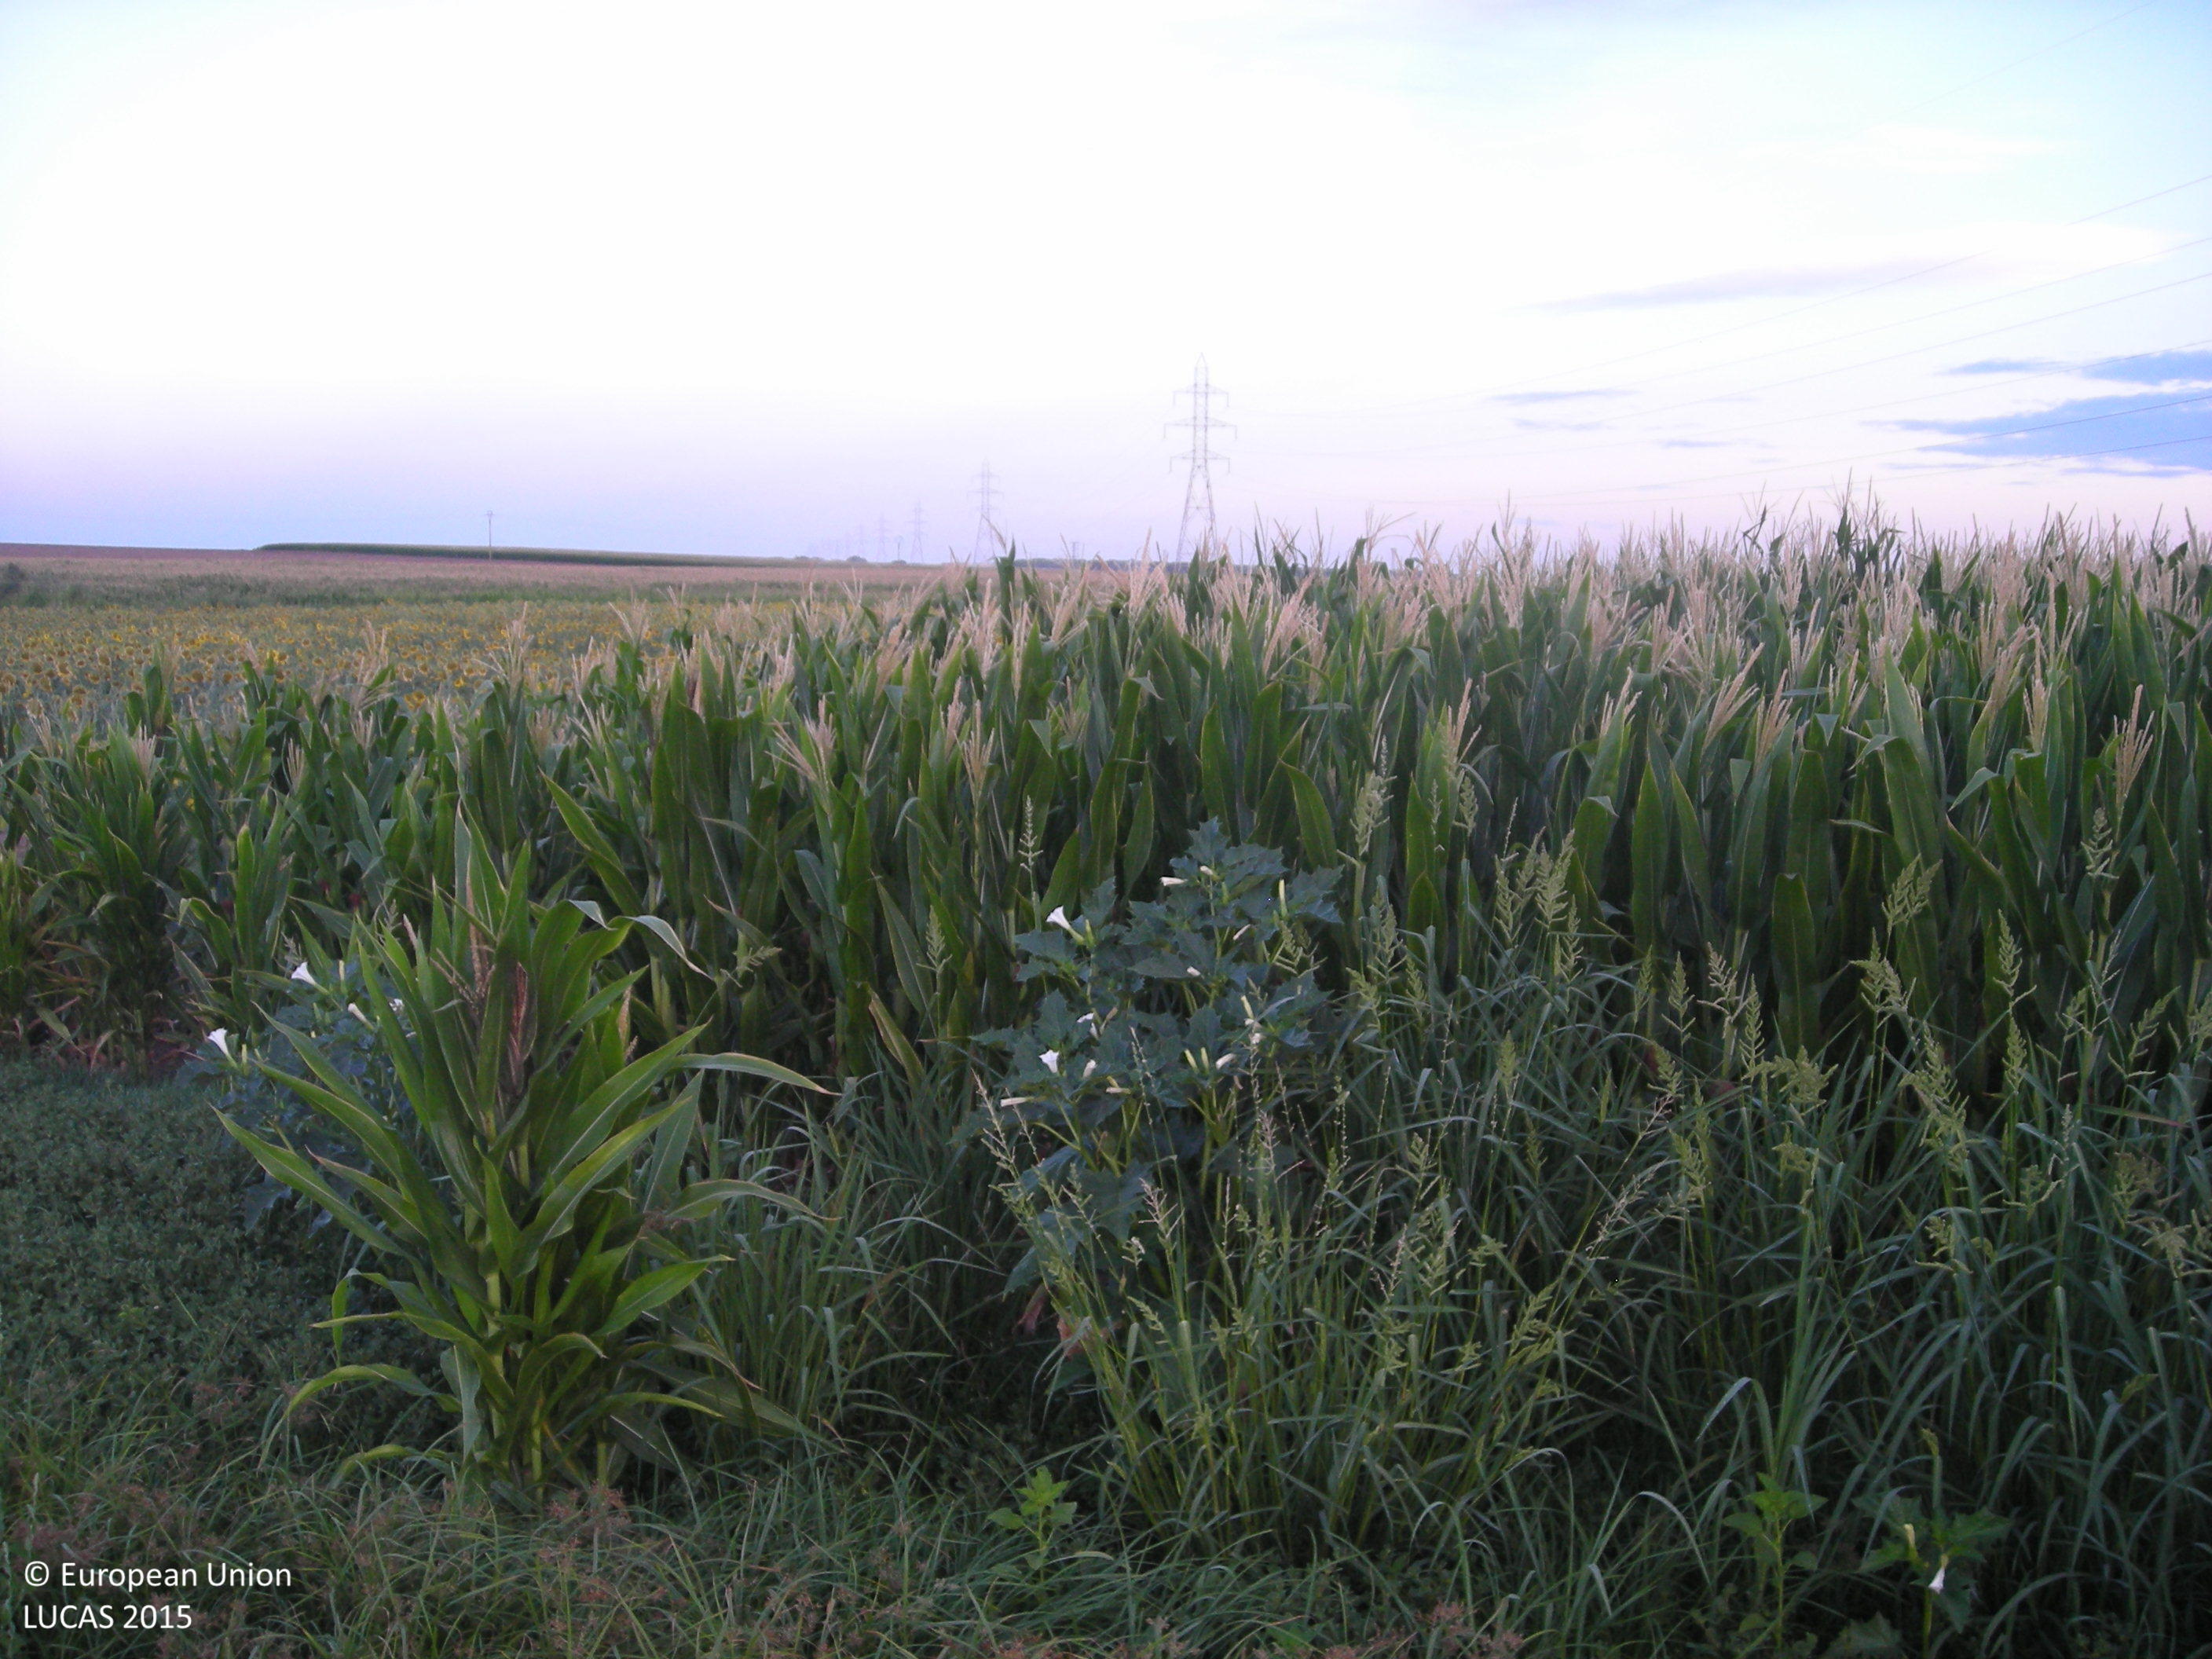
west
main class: Cropland
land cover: Rice
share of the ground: > 75 %
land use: Agriculture (excluding fallow land and kitchen gardens)
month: July
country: ES
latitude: 38.9230
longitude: -5.9092

**WHAT NEEDS TO BE DONE**
Your task is to set down each line above verbatim while excluding the pictures.

**ANSWER FOR THIS EXERCISE**
west
main class: Cropland
land cover: Rice
share of the ground: > 75 %
land use: Agriculture (excluding fallow land and kitchen gardens)
month: July
country: ES
latitude: 38.9230
longitude: -5.9092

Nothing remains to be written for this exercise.